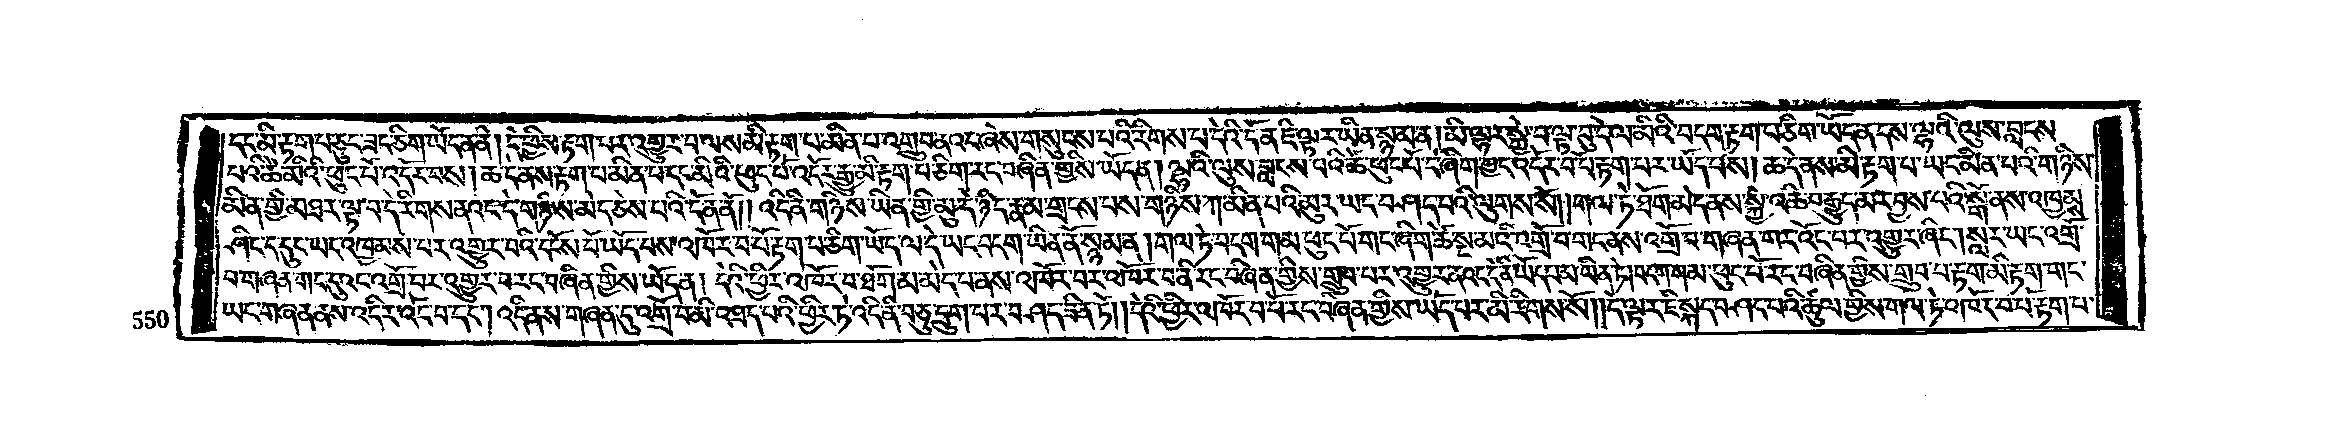དང་མི་རྟག་པ་ཅུང་ཟད་ཅིག་ཡོད་ན་ནི། དེ་ཕྱིས་རྟག་པར་འགྱུར་བ་ལས་མི་རྟག་པ་མིན་པ་འགྲུབ་ནའང་ཞེས་གསུངས་པའི་རིགས་པ་དེའི་དོན་ཇི་ལྟར་ཡིན་སྙམ་ན། མི་ལྷར་སྐྱེ་བ་ལྟ་བུ་དེ་ལ་མིའི་བདག་རྟག་པ་ཅིག་ཡོད་ན་དེས་ལྷའི་ལུས་བླངས་
པའི་ཚེ་མིའི་ཕུང་པོ་འདོར་བས། ཆ་དེ་ནས་རྟག་པ་མིན་པ་དང་མིའི་ཕུང་པོ་འདོར་རྒྱུ་མི་རྟག་པ་ཅིག་རང་བཞི་གཉིས་ཡོད་ན། ལྷའི་ལུས་བླངས་པའི་ཚེ་ཕུང་པོ་དེ་ཞིག་ཀྱང་འདོར་བ་པོ་རྟག་པར་ཡོད་པས། ཆ་དེ་ནས་མི་རྟག་པ་ཡང་མིན་པའི་གཉིས་
མིན་གྱི་མཐར་ལྟ་བ་དེ་རིགས་ནའང་དེ་གཉིས་མེད་ཅེས་པའི་དོན་ནོ། །འདི་ནི་གཉིས་ཡིན་གྱི་མུ་དེ་ཉིད་རྣམ་གྲངས་པས་གཉིས་ཀ་མིན་པའི་མུར་ཡང་བཤད་པའི་ལུགས་སོ། །གལ་ཏེ་ཐོག་མེད་ནས་སྐྱེ་འཆི་བརྒྱུད་མས་བྱས་པའི་སྒོ་ནས་འཁྱམས་
ཤིང་དུ་ཡང་འཁྱམས་པར་འགྱུར་བའི་དངོས་པོ་ཡོད་པས་འཁོར་བ་པོ་རྟག་པ་ཅིག་ཡོད་ལ་དེ་ཡང་བདག་ཡིན་ནོ་སྙམ་ན། གལ་ཏེ་བདག་གམ་ཕུང་པོ་གང་ཞིག་ཚེ་སྔ་མའི་འགྲོ་བ་གང་ནས་འགྲོ་བ་གཞན་གར་འོང་བར་འགྱུར་ཞིང་། སླར་ཡང་འགྲོ་
བ་གཞན་གང་དུའང་འགྲོ་བར་འགྱུར་བ་རང་བཞི་གཉིས་ཡོད་ན། དེའི་ཕྱིར་འཁོར་བ་ཐོག་མ་མེད་པ་ནས་འཁོར་བར་འཁོར་བ་ནི་རང་བཞིན་གྱིས་གྲུབ་པར་འགྱུར་ནའང་དེ་ནི་ཡོད་པ་མ་ཡིན་ཏེ། བདག་གམ་ཕུང་པོ་རང་བཞིན་གྱིས་གྲུབ་པ་རྟག་མི་རྟག་གང་
ཡང་གཞན་ནས་འདིར་འོང་བ་དང་། འདི་ནས་གཞན་དུ་འགྲོ་བ་མི་འཐད་པའི་ཕྱིར་ཏེ་འདི་ནི་བཅུ་དྲུག་པར་བཤད་ཟིན་ཏོ། །དེའི་ཕྱིར་འཁོར་བ་པོ་རང་བཞིན་གྱིས་ཡོད་པར་མི་རིགས་སོ། །དེ་ལྟར་ཇི་སྐད་བཤད་པའི་ཚུལ་གྱིས་གལ་ཏེ་འཁོར་བ་པོ་རྟག་པ་

****************

■ What this task involves: Write out the data above exactly, minus any images.

■ Expected answer:
དང་མི་རྟག་པ་ཅུང་ཟད་ཅིག་ཡོད་ན་ནི། དེ་ཕྱིས་རྟག་པར་འགྱུར་བ་ལས་མི་རྟག་པ་མིན་པ་འགྲུབ་ནའང་ཞེས་གསུངས་པའི་རིགས་པ་དེའི་དོན་ཇི་ལྟར་ཡིན་སྙམ་ན། མི་ལྷར་སྐྱེ་བ་ལྟ་བུ་དེ་ལ་མིའི་བདག་རྟག་པ་ཅིག་ཡོད་ན་དེས་ལྷའི་ལུས་བླངས་
པའི་ཚེ་མིའི་ཕུང་པོ་འདོར་བས། ཆ་དེ་ནས་རྟག་པ་མིན་པ་དང་མིའི་ཕུང་པོ་འདོར་རྒྱུ་མི་རྟག་པ་ཅིག་རང་བཞི་གཉིས་ཡོད་ན། ལྷའི་ལུས་བླངས་པའི་ཚེ་ཕུང་པོ་དེ་ཞིག་ཀྱང་འདོར་བ་པོ་རྟག་པར་ཡོད་པས། ཆ་དེ་ནས་མི་རྟག་པ་ཡང་མིན་པའི་གཉིས་
མིན་གྱི་མཐར་ལྟ་བ་དེ་རིགས་ནའང་དེ་གཉིས་མེད་ཅེས་པའི་དོན་ནོ། །འདི་ནི་གཉིས་ཡིན་གྱི་མུ་དེ་ཉིད་རྣམ་གྲངས་པས་གཉིས་ཀ་མིན་པའི་མུར་ཡང་བཤད་པའི་ལུགས་སོ། །གལ་ཏེ་ཐོག་མེད་ནས་སྐྱེ་འཆི་བརྒྱུད་མས་བྱས་པའི་སྒོ་ནས་འཁྱམས་
ཤིང་དུ་ཡང་འཁྱམས་པར་འགྱུར་བའི་དངོས་པོ་ཡོད་པས་འཁོར་བ་པོ་རྟག་པ་ཅིག་ཡོད་ལ་དེ་ཡང་བདག་ཡིན་ནོ་སྙམ་ན། གལ་ཏེ་བདག་གམ་ཕུང་པོ་གང་ཞིག་ཚེ་སྔ་མའི་འགྲོ་བ་གང་ནས་འགྲོ་བ་གཞན་གར་འོང་བར་འགྱུར་ཞིང་། སླར་ཡང་འགྲོ་
བ་གཞན་གང་དུའང་འགྲོ་བར་འགྱུར་བ་རང་བཞི་གཉིས་ཡོད་ན། དེའི་ཕྱིར་འཁོར་བ་ཐོག་མ་མེད་པ་ནས་འཁོར་བར་འཁོར་བ་ནི་རང་བཞིན་གྱིས་གྲུབ་པར་འགྱུར་ནའང་དེ་ནི་ཡོད་པ་མ་ཡིན་ཏེ། བདག་གམ་ཕུང་པོ་རང་བཞིན་གྱིས་གྲུབ་པ་རྟག་མི་རྟག་གང་
ཡང་གཞན་ནས་འདིར་འོང་བ་དང་། འདི་ནས་གཞན་དུ་འགྲོ་བ་མི་འཐད་པའི་ཕྱིར་ཏེ་འདི་ནི་བཅུ་དྲུག་པར་བཤད་ཟིན་ཏོ། །དེའི་ཕྱིར་འཁོར་བ་པོ་རང་བཞིན་གྱིས་ཡོད་པར་མི་རིགས་སོ། །དེ་ལྟར་ཇི་སྐད་བཤད་པའི་ཚུལ་གྱིས་གལ་ཏེ་འཁོར་བ་པོ་རྟག་པ་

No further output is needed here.